Problem to solve
Could you please transcribe the data exactly, without the pictures?

Supplied information
-*-*-

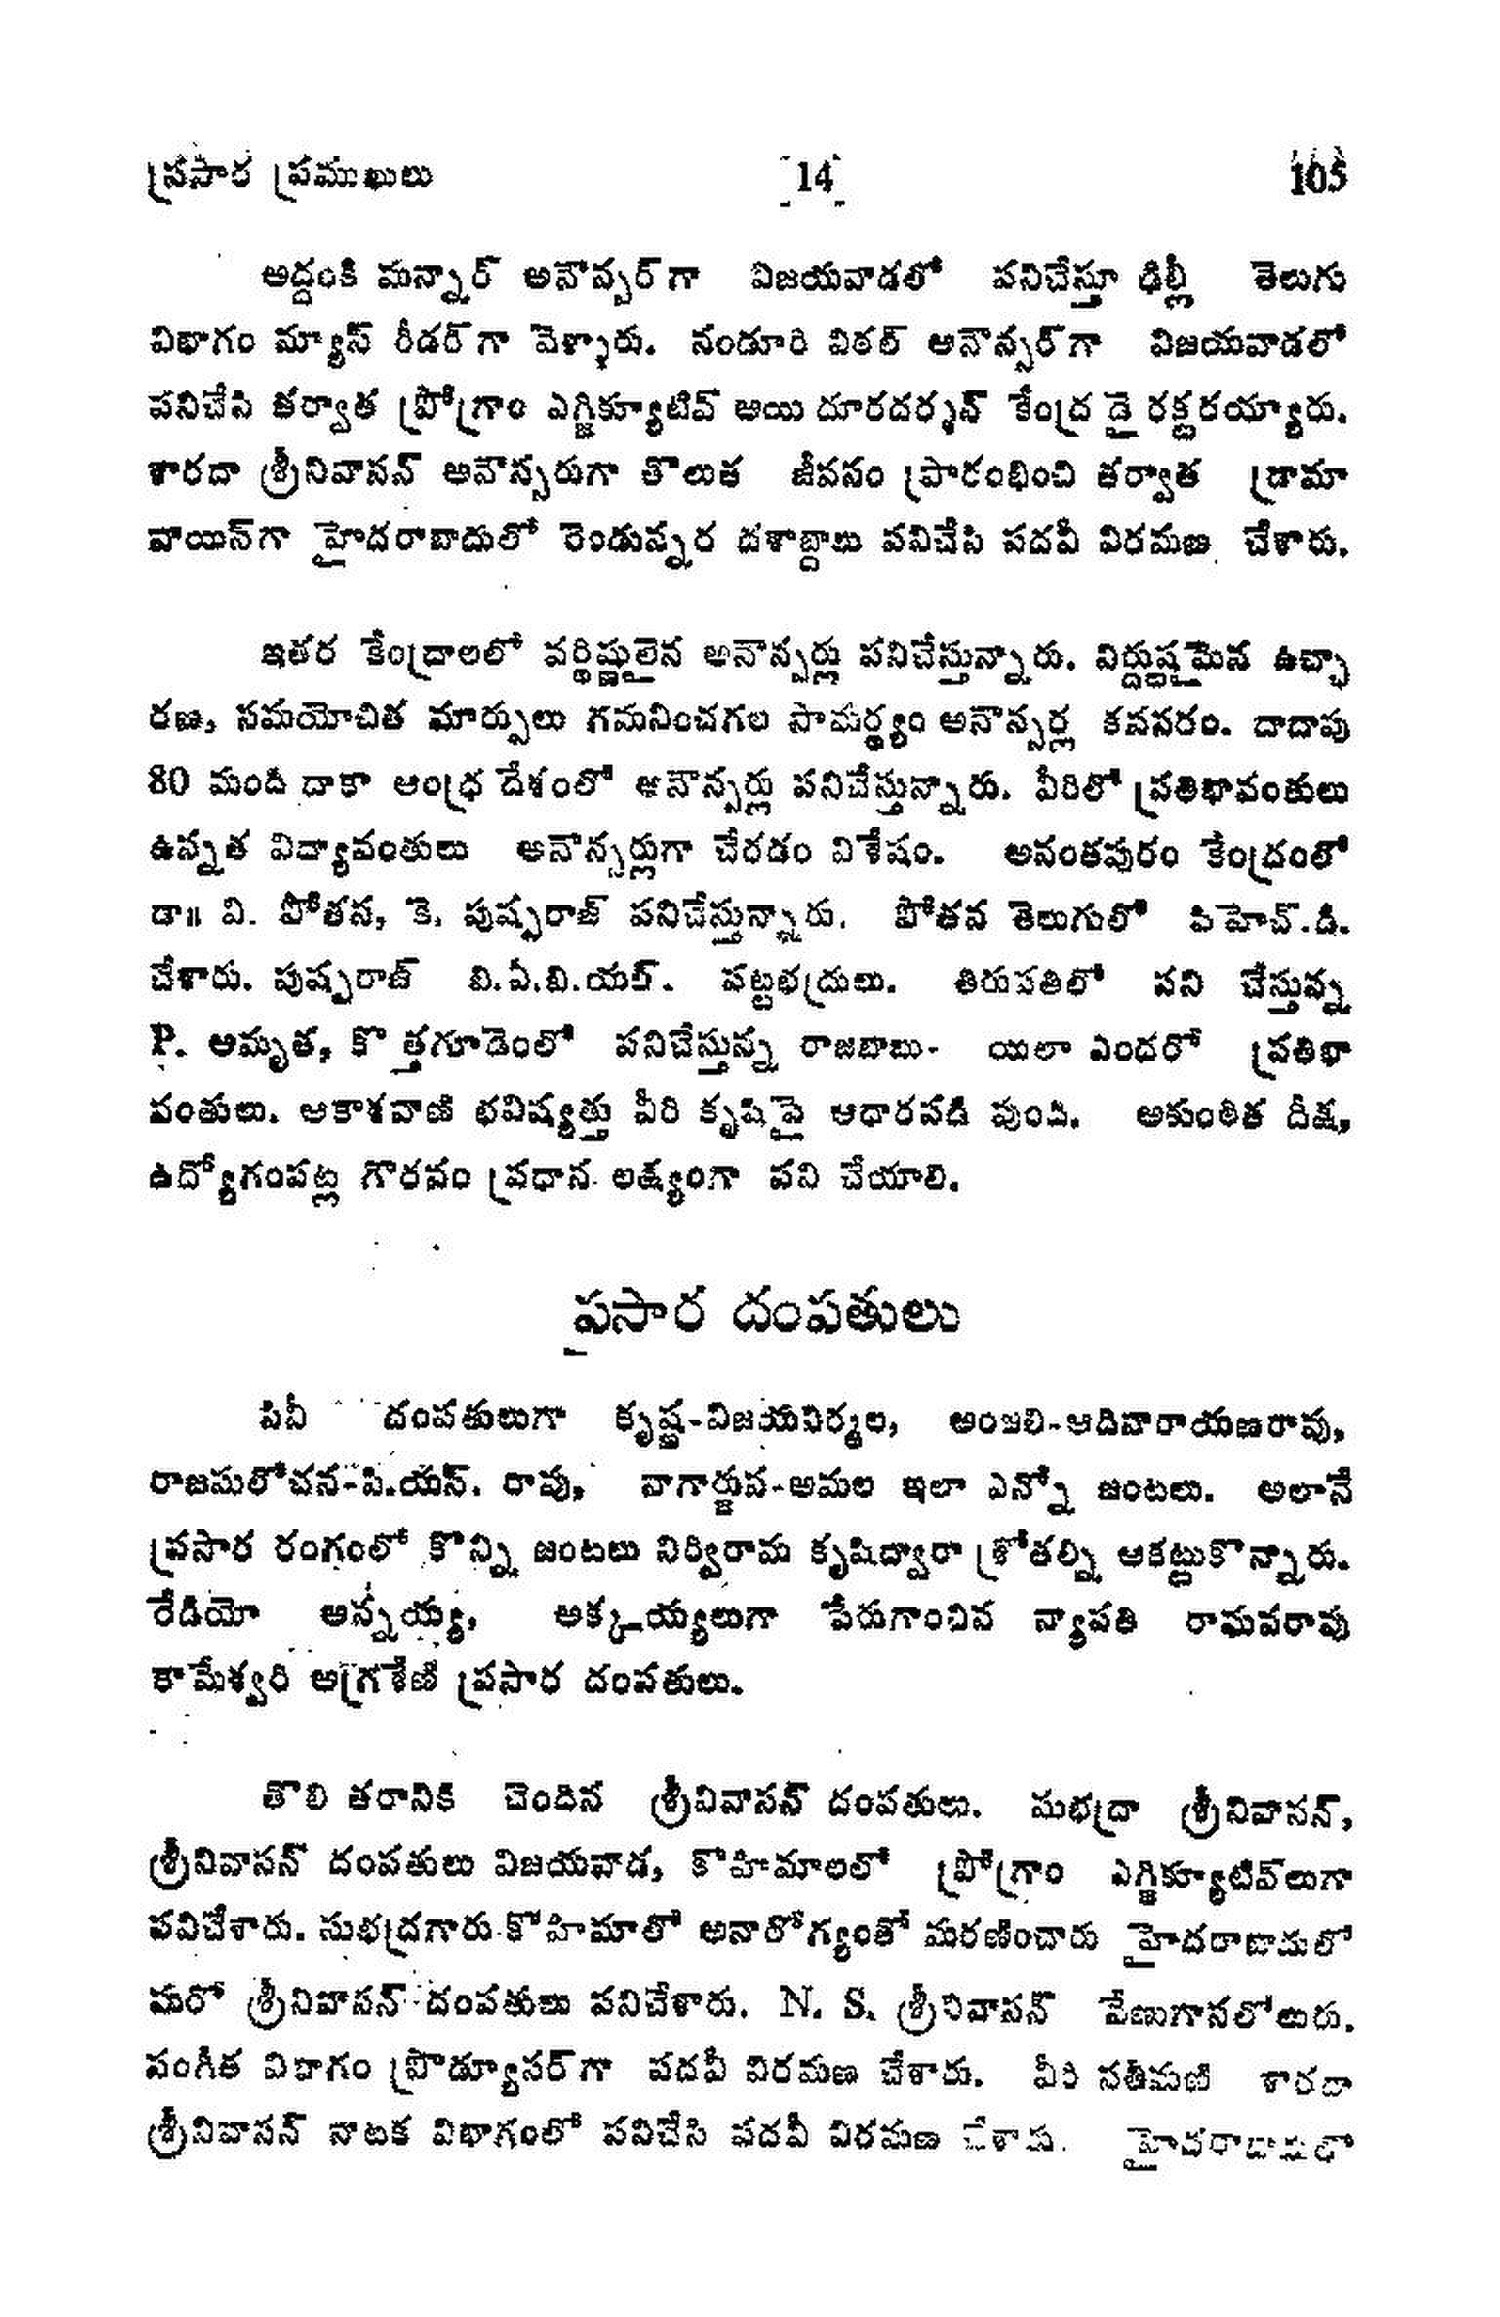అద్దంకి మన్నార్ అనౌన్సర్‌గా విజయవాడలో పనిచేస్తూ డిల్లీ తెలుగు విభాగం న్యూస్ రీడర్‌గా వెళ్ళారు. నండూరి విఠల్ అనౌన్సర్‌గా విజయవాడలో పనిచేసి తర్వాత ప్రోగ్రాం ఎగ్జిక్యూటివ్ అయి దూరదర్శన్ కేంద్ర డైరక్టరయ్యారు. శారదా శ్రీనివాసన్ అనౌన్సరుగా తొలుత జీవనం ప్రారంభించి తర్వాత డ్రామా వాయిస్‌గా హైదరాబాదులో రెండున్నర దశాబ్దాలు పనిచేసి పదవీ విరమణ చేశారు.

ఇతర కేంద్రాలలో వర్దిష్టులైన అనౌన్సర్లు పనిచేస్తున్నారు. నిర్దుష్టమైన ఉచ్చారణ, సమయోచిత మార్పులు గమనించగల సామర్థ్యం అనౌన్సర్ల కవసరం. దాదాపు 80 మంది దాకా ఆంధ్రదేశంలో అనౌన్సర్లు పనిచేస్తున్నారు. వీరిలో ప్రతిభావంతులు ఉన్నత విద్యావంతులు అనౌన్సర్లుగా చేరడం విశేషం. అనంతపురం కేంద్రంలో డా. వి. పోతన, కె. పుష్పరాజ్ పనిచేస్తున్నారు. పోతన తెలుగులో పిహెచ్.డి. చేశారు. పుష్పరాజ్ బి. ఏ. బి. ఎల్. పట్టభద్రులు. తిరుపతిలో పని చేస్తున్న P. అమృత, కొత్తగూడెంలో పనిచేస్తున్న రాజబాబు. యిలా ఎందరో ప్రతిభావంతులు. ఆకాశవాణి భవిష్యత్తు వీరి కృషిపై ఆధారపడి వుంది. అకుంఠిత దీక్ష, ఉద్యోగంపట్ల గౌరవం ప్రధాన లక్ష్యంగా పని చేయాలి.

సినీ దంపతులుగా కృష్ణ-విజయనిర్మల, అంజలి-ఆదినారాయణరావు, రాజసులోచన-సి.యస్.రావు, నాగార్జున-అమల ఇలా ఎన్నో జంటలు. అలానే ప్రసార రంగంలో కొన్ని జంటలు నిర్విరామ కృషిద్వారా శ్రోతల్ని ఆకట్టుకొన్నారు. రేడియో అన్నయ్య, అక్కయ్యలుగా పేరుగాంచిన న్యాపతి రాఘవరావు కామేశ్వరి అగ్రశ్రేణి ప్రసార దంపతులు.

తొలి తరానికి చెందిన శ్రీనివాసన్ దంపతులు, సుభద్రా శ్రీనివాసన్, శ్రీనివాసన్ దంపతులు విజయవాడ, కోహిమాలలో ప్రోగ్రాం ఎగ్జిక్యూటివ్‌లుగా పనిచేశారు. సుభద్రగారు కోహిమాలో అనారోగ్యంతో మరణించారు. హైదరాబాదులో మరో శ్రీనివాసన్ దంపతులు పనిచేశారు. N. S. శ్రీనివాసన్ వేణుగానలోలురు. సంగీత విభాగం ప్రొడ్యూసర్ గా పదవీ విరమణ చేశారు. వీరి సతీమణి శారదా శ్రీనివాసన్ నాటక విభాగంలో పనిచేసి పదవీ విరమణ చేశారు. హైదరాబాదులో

-*-*-

Solution below
అద్దంకి మన్నార్ అనౌన్సర్‌గా విజయవాడలో పనిచేస్తూ డిల్లీ తెలుగు విభాగం న్యూస్ రీడర్‌గా వెళ్ళారు. నండూరి విఠల్ అనౌన్సర్‌గా విజయవాడలో పనిచేసి తర్వాత ప్రోగ్రాం ఎగ్జిక్యూటివ్ అయి దూరదర్శన్ కేంద్ర డైరక్టరయ్యారు. శారదా శ్రీనివాసన్ అనౌన్సరుగా తొలుత జీవనం ప్రారంభించి తర్వాత డ్రామా వాయిస్‌గా హైదరాబాదులో రెండున్నర దశాబ్దాలు పనిచేసి పదవీ విరమణ చేశారు.

ఇతర కేంద్రాలలో వర్దిష్టులైన అనౌన్సర్లు పనిచేస్తున్నారు. నిర్దుష్టమైన ఉచ్చారణ, సమయోచిత మార్పులు గమనించగల సామర్థ్యం అనౌన్సర్ల కవసరం. దాదాపు 80 మంది దాకా ఆంధ్రదేశంలో అనౌన్సర్లు పనిచేస్తున్నారు. వీరిలో ప్రతిభావంతులు ఉన్నత విద్యావంతులు అనౌన్సర్లుగా చేరడం విశేషం. అనంతపురం కేంద్రంలో డా. వి. పోతన, కె. పుష్పరాజ్ పనిచేస్తున్నారు. పోతన తెలుగులో పిహెచ్.డి. చేశారు. పుష్పరాజ్ బి. ఏ. బి. ఎల్. పట్టభద్రులు. తిరుపతిలో పని చేస్తున్న P. అమృత, కొత్తగూడెంలో పనిచేస్తున్న రాజబాబు. యిలా ఎందరో ప్రతిభావంతులు. ఆకాశవాణి భవిష్యత్తు వీరి కృషిపై ఆధారపడి వుంది. అకుంఠిత దీక్ష, ఉద్యోగంపట్ల గౌరవం ప్రధాన లక్ష్యంగా పని చేయాలి.

సినీ దంపతులుగా కృష్ణ-విజయనిర్మల, అంజలి-ఆదినారాయణరావు, రాజసులోచన-సి.యస్.రావు, నాగార్జున-అమల ఇలా ఎన్నో జంటలు. అలానే ప్రసార రంగంలో కొన్ని జంటలు నిర్విరామ కృషిద్వారా శ్రోతల్ని ఆకట్టుకొన్నారు. రేడియో అన్నయ్య, అక్కయ్యలుగా పేరుగాంచిన న్యాపతి రాఘవరావు కామేశ్వరి అగ్రశ్రేణి ప్రసార దంపతులు.

తొలి తరానికి చెందిన శ్రీనివాసన్ దంపతులు, సుభద్రా శ్రీనివాసన్, శ్రీనివాసన్ దంపతులు విజయవాడ, కోహిమాలలో ప్రోగ్రాం ఎగ్జిక్యూటివ్‌లుగా పనిచేశారు. సుభద్రగారు కోహిమాలో అనారోగ్యంతో మరణించారు. హైదరాబాదులో మరో శ్రీనివాసన్ దంపతులు పనిచేశారు. N. S. శ్రీనివాసన్ వేణుగానలోలురు. సంగీత విభాగం ప్రొడ్యూసర్ గా పదవీ విరమణ చేశారు. వీరి సతీమణి శారదా శ్రీనివాసన్ నాటక విభాగంలో పనిచేసి పదవీ విరమణ చేశారు. హైదరాబాదులో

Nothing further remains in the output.